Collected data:
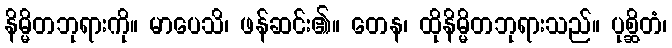
နိမ္မိတဘုရားကို။ မာပေသိ၊ ဖန်ဆင်း၏။ တေန၊ ထိုနိမ္မိတဘုရားသည်။ ပုစ္ဆိတံ၊
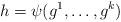
LaTeX: \begin{align*}h & =\psi(g^{1},\ldots,g^{k})\end{align*}
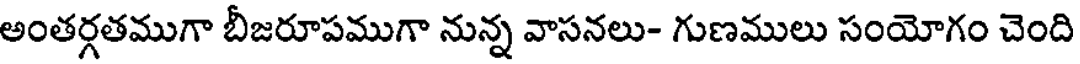
అంతర్గతముగా బీజరూపముగా నున్న వాసనలు- గుణములు సంయోగం చెంది
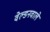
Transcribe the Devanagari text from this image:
वेल्डनवाले
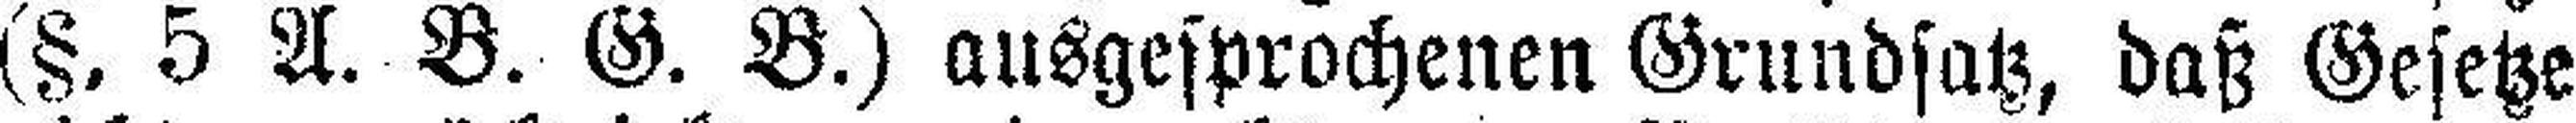
(§. 5 A. B. G. B.) ausgesprochenen Grundsatz, daß Gesetze
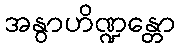
အနွာဟိဏ္ဍန္တော
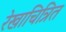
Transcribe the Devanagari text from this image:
रेखाचित्रित
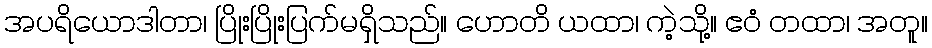
အပရိယောဒါတာ၊ ပြိုးပြိုးပြက်မရှိသည်။ ဟောတိ ယထာ၊ ကဲ့သို့။ ဧဝံ တထာ၊ အတူ။
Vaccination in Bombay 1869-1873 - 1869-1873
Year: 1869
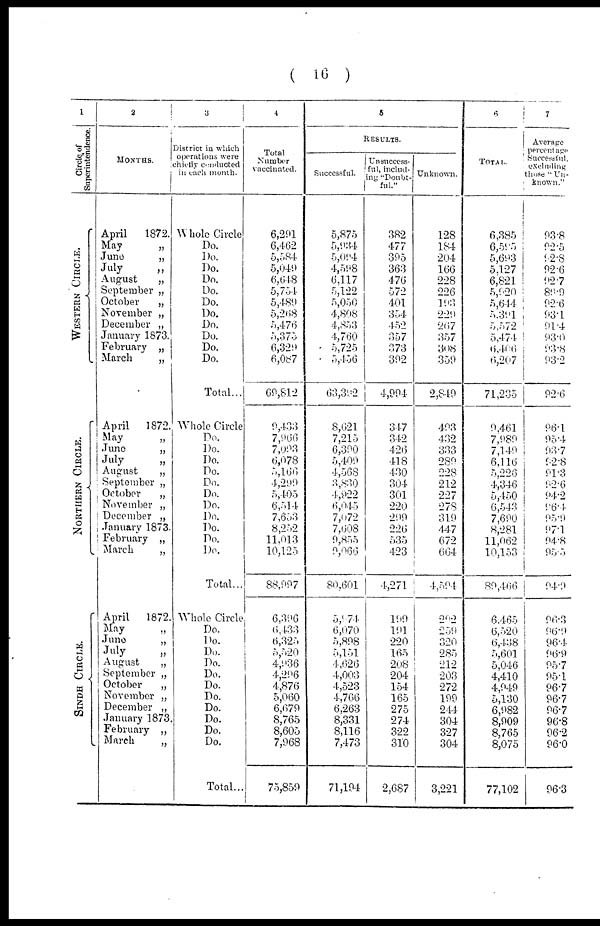
( 16 )
1
Circle of
Superintendence.
WESTERN CIRCLE.
NORTHERN CIRCLE.
SINDH CIRCLE.
2
MONTHS.
April 1872.
May
„
June
„
July
„
August
„
September „
October
„
November „
December „
January 1873.
February „
March
„
April 1872.
May „
June
„
July
„
August
„
September „
October
„
November „
December „
January 1873.
February „
March
„
April 1872.
May „
June
„
July
„
August
„
September „
October
„
November „
December „
January 1873.
February „
March
„
3
District in which
operations were
chiefly canducted
in each month.
Whole Circle
Do.
Do.
Do.
Do.
Do.
Do.
Do.
Do.
Do.
Do.
Do.
Total...
Whole Circle
Do.
Do.
Do.
Do.
Do.
Do.
Do.
Do.
Do.
Do.
Do.
Total...
Whole Circle
Do.
Do.
Do.
Do.
Do.
Do.
Do.
Do.
Do.
Do.
Do.
Total...
4
Total
Number
vaccinated.
6,291
6,462
5,584
5,049
6,648
5,754
5,489
5,268
5,476
5,375
6,329
6,087
69,812
9,433
7,966
7,093
6,078
5,166
4,299
5,405
6,514
7,653
8,252
11,013
10,125
88,997
6,396
6,433
6,325
5,520
4,936
4,296
4,876
5,060
6,679
8,765
8,605
7,968
75,859
5
RESULTS.
Successful.
5,875
5,934
5,094
4,598
6,117
5,122
5,050
4,808
4,853
4,760
5,725
5,456
63,392
8,621
7,215
6,390
5,409
4,568
3,830
4,922
6,045
7,072
7,608
9,855
9,066
80,601
5,974
6,070
5,898
5,151
4,626
4,003
4,523
4,766
6,263
8,331
8,116
7,473
71,194
Unsuccess-
ful, includ-
-ng "Doubt-
ful."
382
477
395
363
476
572
401
354
452
357
373
392
4,994
347
342
426
418
430
304
301
220
299
226
535
423
4,271
199
191
220
165
208
204
154
165
275
274
322
310
2,687
Unknown.
128
184
204
166
228
226
193
229
267
357
308
359
2,849
493
432
333
289
228
212
227
278
319
447
672
664
4,594
292
259
320
285
212
203
272
199
244
304
327
304
3,221
6
TOTAL.
6,385
6,595
5,693
5,127
6,821
5,920
5,644
5,391
5,572
5,474
6,406
6,207
71,235
9,461
7,989
7,149
6,116
5,226
4,346
5,450
6,543
7,690
8,281
11,062
10,153
89,466
6,465
6,520
6,438
5,601
5,046
4,410
4,949
5,130
6,982
8,909
8,765
8,075
77,102
7
Average
percentage
Successful,
excluding
those "Un-
known."
93.8
92.5
92.8
92.6
92.7
89.9
92.6
93.1
91.4
93.0
93.8
93.2
92.6
96.1
95.4
93.7
92.8
91.3
92.6
94.2
96.4
95.9
97.1
94.8
95.5
94.9
96.3
96.9
96.4
96.9
95.7
95.1
96.7
96.7
96.7
96.8
96.2
96.0
96.3
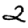
Digit: 2
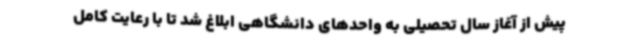
پیش از آغاز سال تحصیلی به واحدهای دانشگاهی ابلاغ شد تا با رعایت کامل
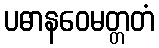
ပဓာနဝေမတ္တတံ
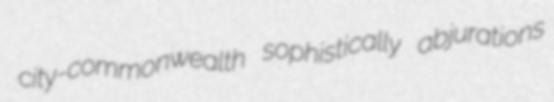
city-commonwealth sophistically abjurations
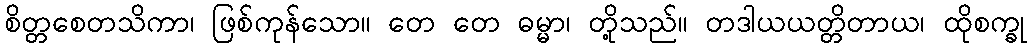
စိတ္တစေတသိကာ၊ ဖြစ်ကုန်သော။ တေ တေ ဓမ္မာ၊ တို့သည်။ တဒါယယတ္တိတာယ၊ ထိုစက္ခု
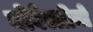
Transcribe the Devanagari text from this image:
नोवेल्लीनो
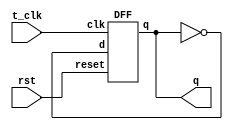


module TFF1(q,t_clk,rst);
output q ; 
input t_clk,rst;
wire d;
DFF dff0(q,d,t_clk,rst);
not n1(d,q);
endmodule


module DFF(q,d,clk,reset);
output q;
input d,clk,reset;
reg q;
always@(posedge reset or negedge  clk)
if(reset)
q <=1'b0;
else
q <=d;
endmodule
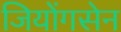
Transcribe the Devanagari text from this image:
जियोंगसेन
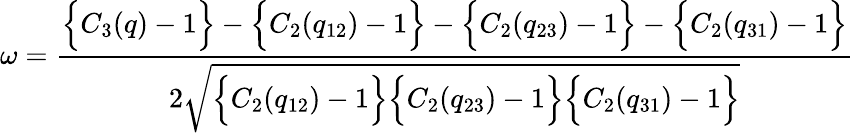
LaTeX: \omega=\frac{\Big\{ C_{3}(q)-1\Big\} -\Big\{ C_{2}(q_{12})-1\Big\} -\Big\{ C_{2}(q_{23})-1\Big\} -\Big\{ C_{2}(q_{31})-1\Big\} }{2\sqrt{\Big\{ C_{2}(q_{12})-1\Big\} \Big\{ C_{2}(q_{23})-1\Big\} \Big\{ C_{2}(q_{31})-1\Big\} }}
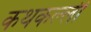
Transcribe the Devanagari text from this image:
कथकल्ली
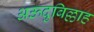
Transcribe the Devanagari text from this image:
अऊदुबिल्लाह
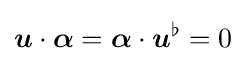
{\boldsymbol {u}}\cdot {\boldsymbol {\alpha }}={\boldsymbol {\alpha }}\cdot {\boldsymbol {u}}^{\flat }=0
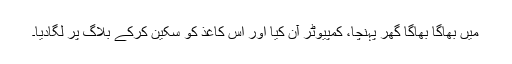
میں بھاگا بھاگا گھر پہنچا، کمپیوٹر آن کیا اور اس کاغذ کو سکین کرکے بلاگ پر لگادیا۔
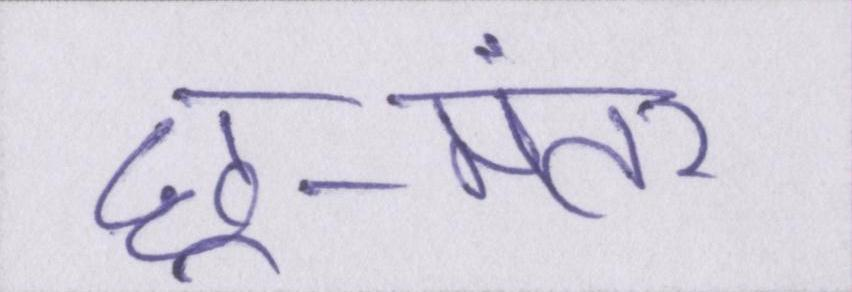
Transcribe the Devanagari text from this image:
छू-मंतर
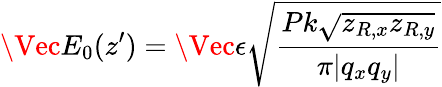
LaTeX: \Vec{E_{0}}(z^{\prime})=\Vec{\epsilon}\sqrt{\frac{Pk\sqrt{z_{R,x}z_{R,y}}}{\pi|q_{x}q_{y}|}}
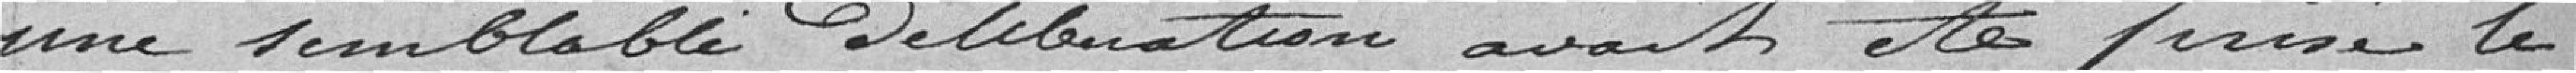
une semblable délibération avait été privée le
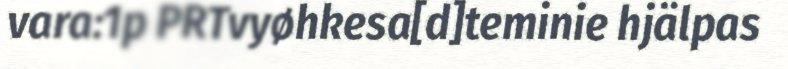
vara:1p PRTvyøhkesa[d]teminie hjälpas
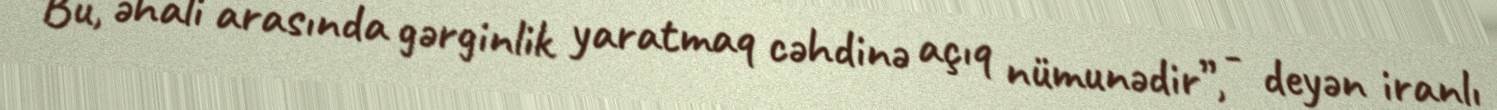
“Bu, əhali arasında gərginlik yaratmaq cəhdinə açıq nümunədir”, - deyən iranlı
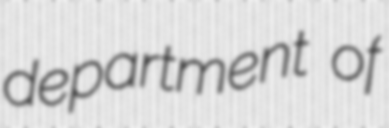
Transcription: department of
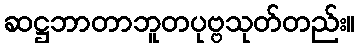
ဆဋ္ဌဘာတာဘူတပုဗ္ဗသုတ်တည်း။
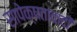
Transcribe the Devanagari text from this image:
सापेक्षतावादी
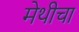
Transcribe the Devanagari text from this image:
मेथीचा
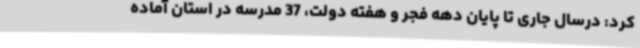
کرد: درسال جاری تا پایان دهه فجر و هفته دولت، 37 مدرسه در استان آماده
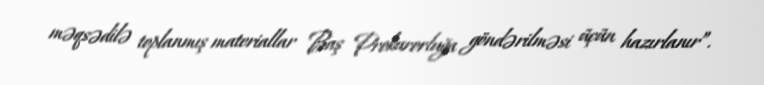
məqsədilə toplanmış materiallar Baş Prokurorluğa göndərilməsi üçün hazırlanır”.
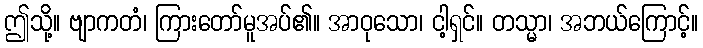
ဤသို့။ ဗျာကတံ၊ ကြားတော်မူအပ်၏။ အာဝုသော၊ ငါ့ရှင်။ တသ္မာ၊ အဘယ်ကြောင့်။
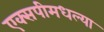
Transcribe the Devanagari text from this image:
एक्सपीमधल्या
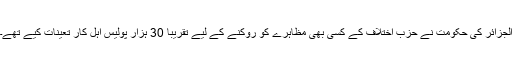
الجزائر کی حکومت نے حزب اختلاف کے کسی بھی مظاہرے کو روکنے کے لیے تقریباً 30 ہزار پولیس اہل کار تعینات کیے تھے۔
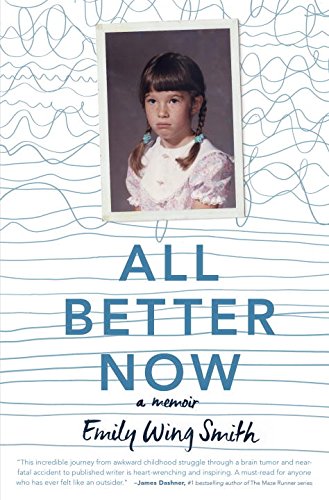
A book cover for All Better Now; Emily Wing Smith; Teen & Young Adult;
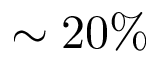
\sim 2 0 \%
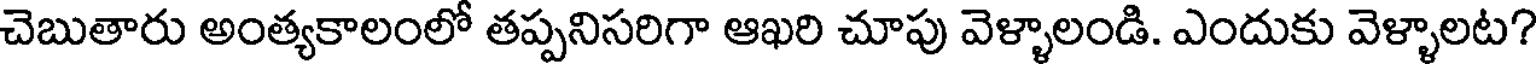
చెబుతారు అంత్యకాలంలో తప్పనిసరిగా ఆఖరి చూపు వెళ్ళాలండి. ఎందుకు వెళ్ళాలట?
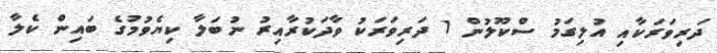
ދަރިވަރަކާއި އުލިގަމު ސްކޫލުން 1 ދަރިވަރަކު ވާދަކުރާއިރު ނުބަލާ ކިޔެވުމުގެ ބައިން ކެލާ
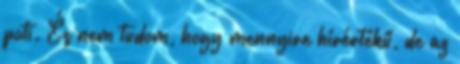
poti. És nem tudom, hogy mennyire hírértékű, de az
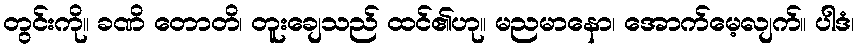
တွင်းကို။ ခဏိ တောတိ၊ တူးချေသည် ထင်၏ဟု။ မညမာနော၊ အောက်မေ့လျက်။ ပါဒံ၊
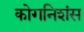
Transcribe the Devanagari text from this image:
कोगनिशंस
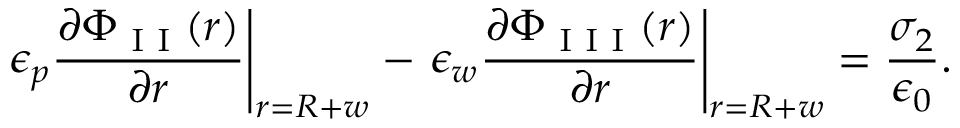
\left. \epsilon _ { p } \frac { \partial \Phi _ { \textrm { I I } } ( r ) } { \partial r } \right| _ { r = R + w } - \left. \epsilon _ { w } \frac { \partial \Phi _ { \textrm { I I I } } ( r ) } { \partial r } \right| _ { r = R + w } = \frac { \sigma _ { 2 } } { \epsilon _ { 0 } } .
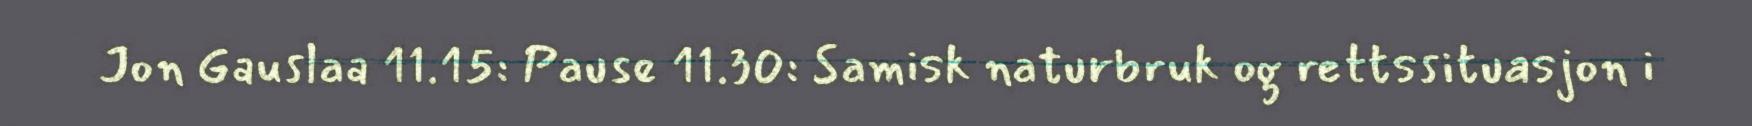
Jon Gauslaa 11.15: Pause 11.30: Samisk naturbruk og rettssituasjon i
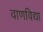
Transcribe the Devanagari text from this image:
वाणविद्या
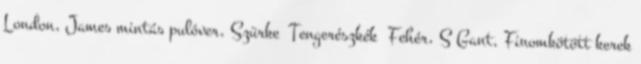
London, James mintás pulóver, Szürke Tengerészkék Fehér, S Gant, Finomkötött kerek
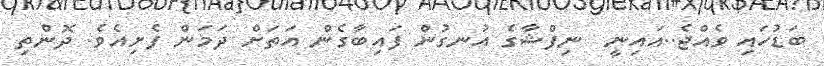
ބަޑުހައި ވެއްޖެ..އައިނީ  ނިފްޝާގެ އުނގުން ފައިބާގެން އަތަށް ދަމަން ފެށިއެވެ. ދޮންތި
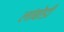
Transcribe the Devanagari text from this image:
लांबोडी
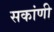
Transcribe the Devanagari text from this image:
सकांणी
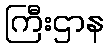
ကြီးဌာန
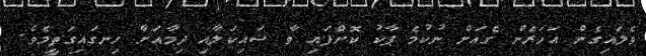
ވެލައިގެން އަހަރެން ގެއަށް ނުކުމެ ޕާކު ކޮށްފައި ވާ ސައިކަލާއި ދިމާއަށް ހިނގައިގަތީމެވެ.
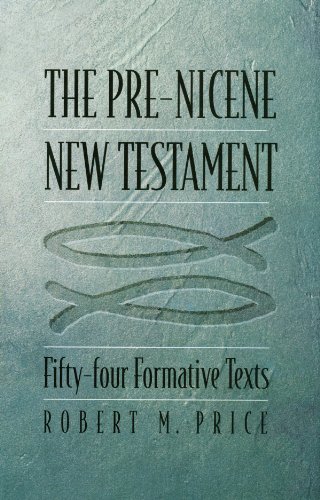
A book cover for The Pre-Nicene New Testament: Fifty-four Formative Texts; Robert M. Price; Christian Books & Bibles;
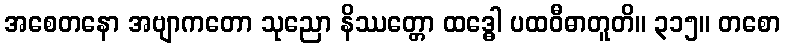
အစေတနော အဗျာကတော သုညော နိဿတ္တော ထဒ္ဓေါ ပထဝီဓာတူတိ။ ၃၁၅။ တစော
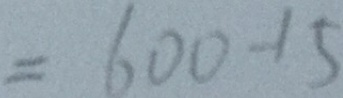
= 6 0 0 - 1 5
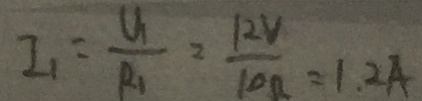
I _ { 1 } = \frac { U _ { 1 } } { R _ { 1 } } = \frac { 1 2 V } { 1 0 \Omega } = 1 . 2 A

What the exercise asks: What is the number of lines in the entries above that contain the word "sqrt"? Answer with that number only.

Reply: 2